Species of flowering plant

Homogyne alpina, the Alpine coltsfoot or purple colt's-foot, is a rhizomatous herb in the family Asteraceae, which is often used as an ornamental plant. The plant has purple-red flowers, and it is usually associated with the gall flies Ensina sonchi and Acidia cognata.

Homogyne alpina is a perennial plant that reaches a height of 10 to 40 centimeters. The rhizome is creeping woolly and scaly. The stem is erect, reddish brown and often single head. It is hairy silvery-woolly, bare later and usually has 2 leaves on small scales. The leaves are all basal, long-stalked, leathery, coarse and glossy dark green, the underside is lighter. The leaf blade is heart-kidney-shaped.

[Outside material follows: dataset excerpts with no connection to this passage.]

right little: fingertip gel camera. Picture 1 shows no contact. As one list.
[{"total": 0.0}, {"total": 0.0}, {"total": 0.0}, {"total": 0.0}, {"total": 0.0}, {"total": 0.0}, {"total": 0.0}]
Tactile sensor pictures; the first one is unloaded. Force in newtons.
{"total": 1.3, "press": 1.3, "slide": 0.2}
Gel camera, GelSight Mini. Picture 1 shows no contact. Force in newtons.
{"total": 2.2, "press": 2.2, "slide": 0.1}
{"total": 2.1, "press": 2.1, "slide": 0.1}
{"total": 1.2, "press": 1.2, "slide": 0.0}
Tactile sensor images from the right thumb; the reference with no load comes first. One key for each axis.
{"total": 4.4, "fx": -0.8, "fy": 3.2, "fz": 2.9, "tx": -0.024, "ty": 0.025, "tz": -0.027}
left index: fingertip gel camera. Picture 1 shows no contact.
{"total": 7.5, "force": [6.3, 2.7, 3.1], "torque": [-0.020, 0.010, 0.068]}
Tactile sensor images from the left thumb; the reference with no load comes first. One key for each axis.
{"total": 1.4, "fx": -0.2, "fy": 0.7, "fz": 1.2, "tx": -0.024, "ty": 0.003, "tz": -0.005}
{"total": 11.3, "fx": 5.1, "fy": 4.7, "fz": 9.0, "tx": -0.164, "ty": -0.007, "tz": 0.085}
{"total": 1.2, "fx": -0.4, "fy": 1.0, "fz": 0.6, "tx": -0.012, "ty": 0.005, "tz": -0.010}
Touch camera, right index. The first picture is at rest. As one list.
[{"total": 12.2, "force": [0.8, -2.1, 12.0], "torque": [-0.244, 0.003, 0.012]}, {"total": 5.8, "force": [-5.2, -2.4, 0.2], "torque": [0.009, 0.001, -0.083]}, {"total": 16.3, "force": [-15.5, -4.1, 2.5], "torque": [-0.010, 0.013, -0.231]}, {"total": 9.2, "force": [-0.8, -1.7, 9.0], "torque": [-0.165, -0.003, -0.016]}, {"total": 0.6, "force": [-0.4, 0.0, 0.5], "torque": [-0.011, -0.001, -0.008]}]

The flower heads have a diameter up to 15 mm. The bracts are in a single row, crowded and hairy brown-red woolly at the base. The flowers are purple.

==Distribution==

Homogyne alpina grows in the mountains of South Central Europe at altitudes from 500 to 3 000 meters. The species grows on moist, humus-rich, mossy soil in coniferous forests, bushes and dwarf-shrub heath. In the U.K., it is known from a single location in Angus, Scotland. It is uncertain whether the plant is native or introduced.

==Similar species==

The felt-like Homogyne discolor is characterized by the under side white, felty leaves.